The film presents five former “cleaners” who, despite the non-disclosure agreement they have signed with their former employers, articulately explain what they did, why they did it, how it made them feel and what impact performing this task had on them in the long run.

The social media giants and the outsourcing companies are secretive about the “cleaning” aspect of their operations; therefore, the pioneering work done by Block, Riesewieck and their team to bring to light how this work is performed in the frontline and by whom, is not only a scoop, but also a valuable contribution to the important debates concerning social media, fake news, freedom of expression and its limits. By focusing on the cleaners and their experiences and giving them ample room to present themselves, warts and all, the filmmakers have made a documentary that feels like a psychological drama. This approach makes their documentary interesting for a very wide audience beyond those who are interested in social media. In fact, it shows how ordinary people with whom we can identify and empathise try to cope under extreme conditions. Some of this makes for uncomfortable yet compelling viewing.

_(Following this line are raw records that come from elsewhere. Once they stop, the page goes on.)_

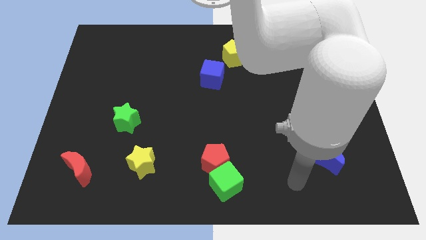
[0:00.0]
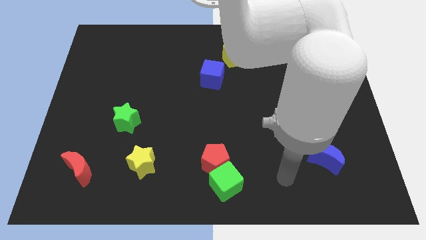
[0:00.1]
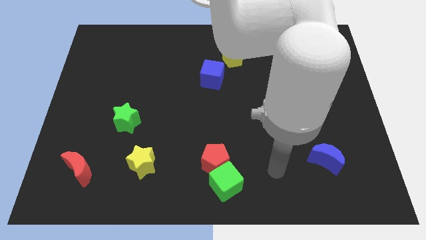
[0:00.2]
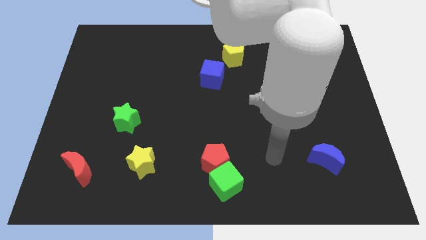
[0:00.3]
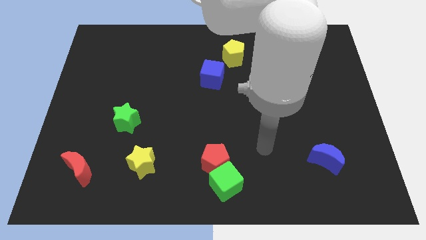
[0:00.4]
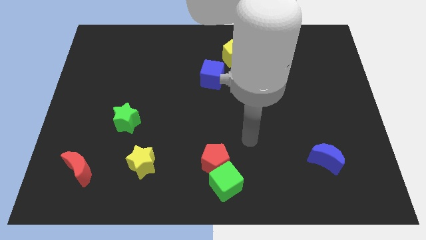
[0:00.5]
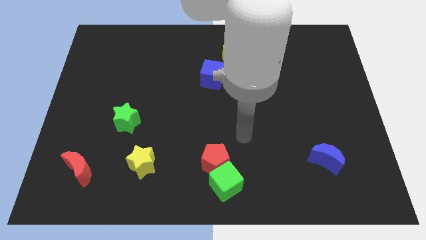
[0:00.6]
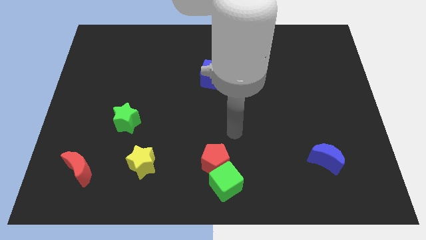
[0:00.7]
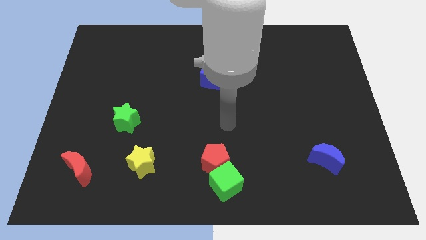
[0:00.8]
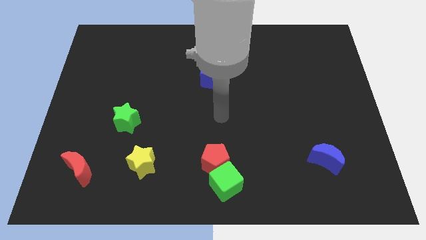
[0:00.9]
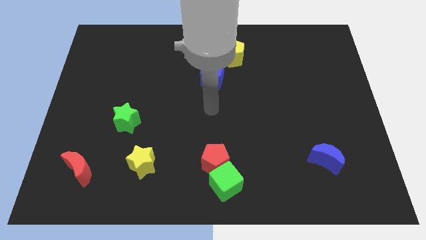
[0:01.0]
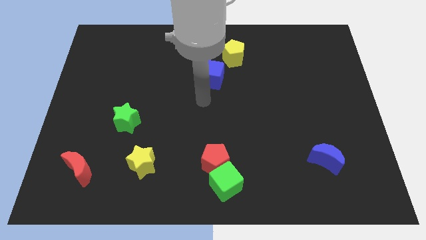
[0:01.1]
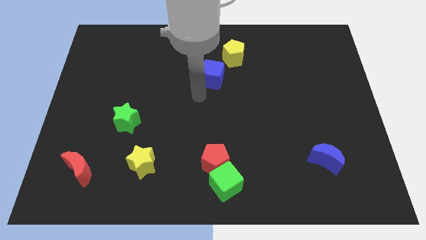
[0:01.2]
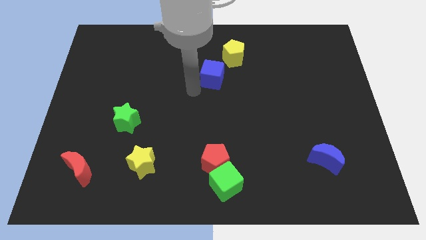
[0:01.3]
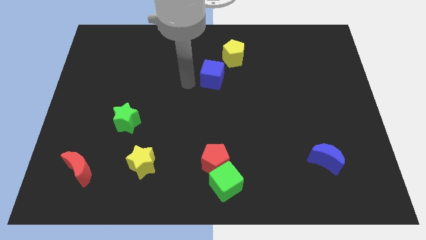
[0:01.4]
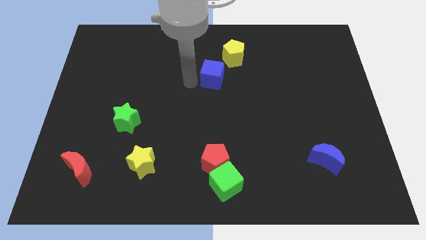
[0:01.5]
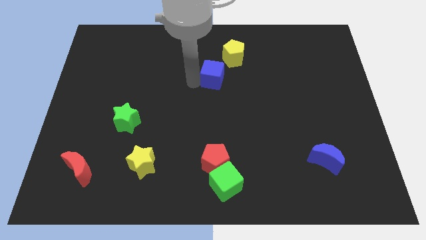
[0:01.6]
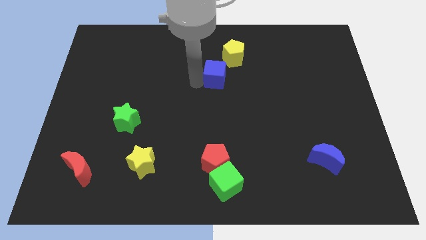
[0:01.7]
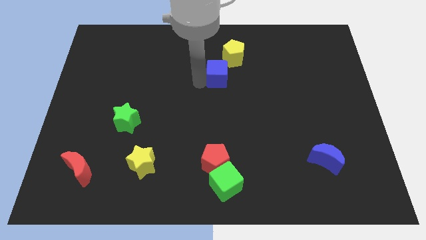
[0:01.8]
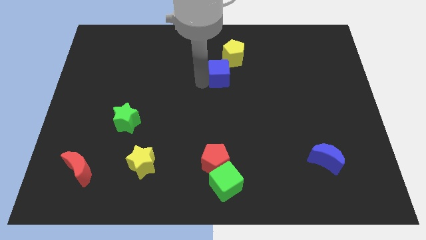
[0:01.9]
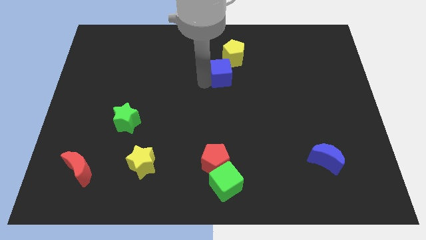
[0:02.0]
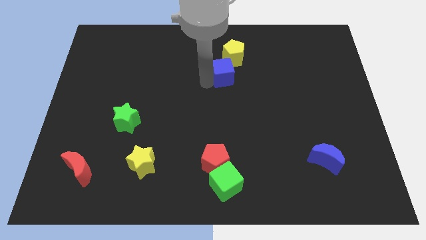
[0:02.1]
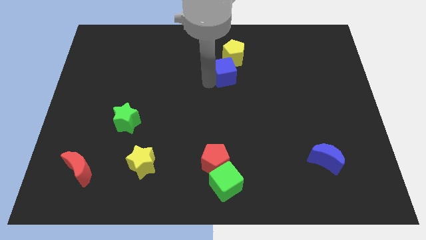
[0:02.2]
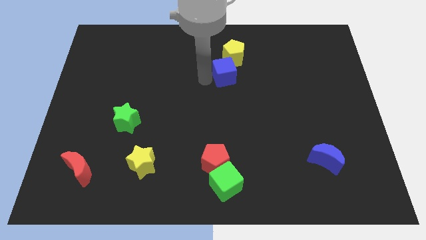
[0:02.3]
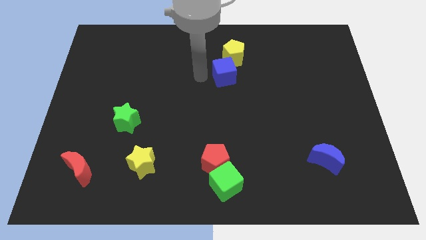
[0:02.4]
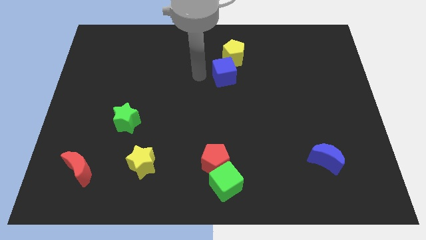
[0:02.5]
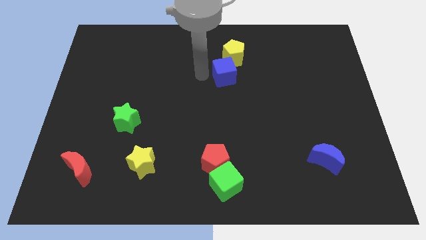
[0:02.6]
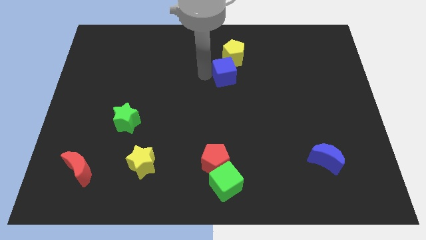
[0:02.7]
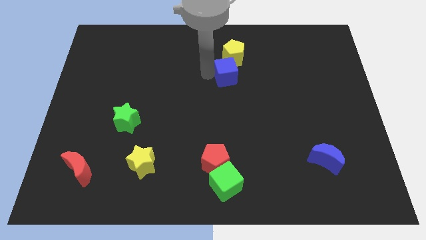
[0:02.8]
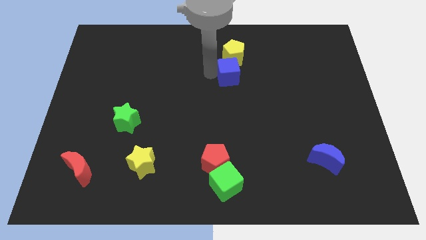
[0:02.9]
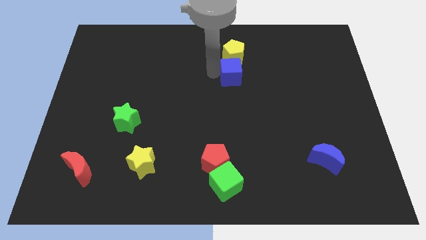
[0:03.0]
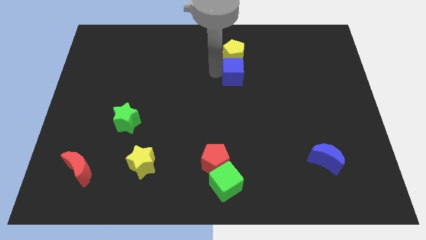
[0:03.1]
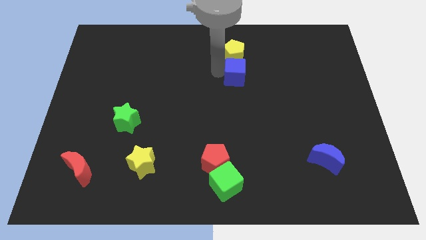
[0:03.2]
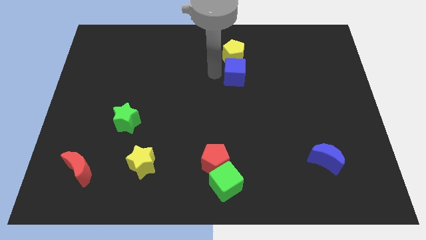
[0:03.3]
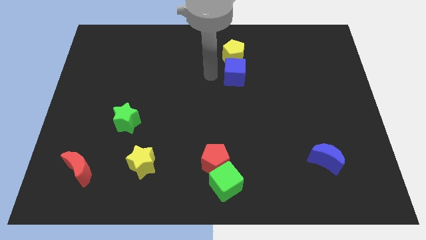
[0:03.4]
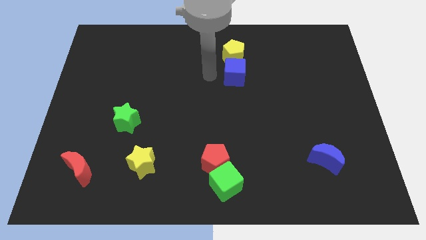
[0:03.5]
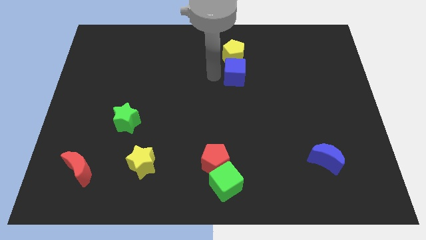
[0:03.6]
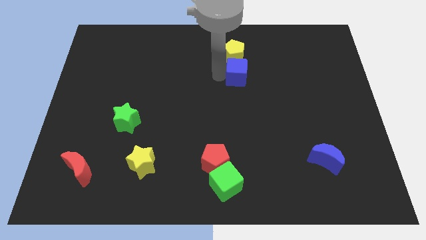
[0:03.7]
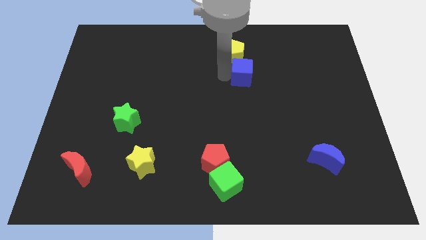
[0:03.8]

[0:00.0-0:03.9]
slide the blue cube a little to the right

Block and Riesewieck have also found former mid-level managers from the social media giants who speak very eloquently and clearly about real live examples of the challenges they faced and how they tried to cope with what often were unprecedented situations. The testimony of Nicole Wong formerly responsible for policy in this area at Google and Twitter lays out the complex issues she was faced with very well.

Their documentary is least interesting when they show examples of people and cases who generate the posts that the cleaners must deal with, but thankfully this part of the documentary is not overlong. The case for Facebook posts containing hate-speech being mainly responsible for the escalation of the conflict between Buddhists and Rohingyas in Myanmar was not convincingly made,

With The Cleaners, Block and Riesewieck have created a thrilling documentary about the human challenges of a hitherto unexamined part at the frontline of the new media. By not adding a commentary voice, they avoid telling the viewer what to think, thereby making the impact of what the protagonists tell us even stronger and more direct. The research behind the documentary cannot have been easy and is clearly of high quality. The Cleaners is a remarkable first effort and one can hope for more great documentaries from these filmmakers. 

With the rapid development and convergence of new technologies (Artificial Intelligence, picture and film editing tools) the task of the human cleaners may soon be replaced by software while the challenge may soon be overtaken by ever greater manipulative technologies used to appeal to people’s emotions.  Nevertheless, The Cleaners is the timely product of the kind of documentary journalism which should be reinforced and multiplied. Organisations to which film-makers can turn for support (financial, technical, commissioning and more) have a crucial role to play here. Independent Public Broadcasters like the Austrian Broadcasting Corporation ORF and the BBC in the UK have played an important role in making this documentary possible. They and the others are to be congratulated and supported for successfully fulfilling they’re role of critically examining important political, social and economic developments in an accessible and suspenseful way.

The Cleaners is a documentary, that holds the viewer’s full attention, informs you, makes you think and will stay with long after the final credits. Highly recommended.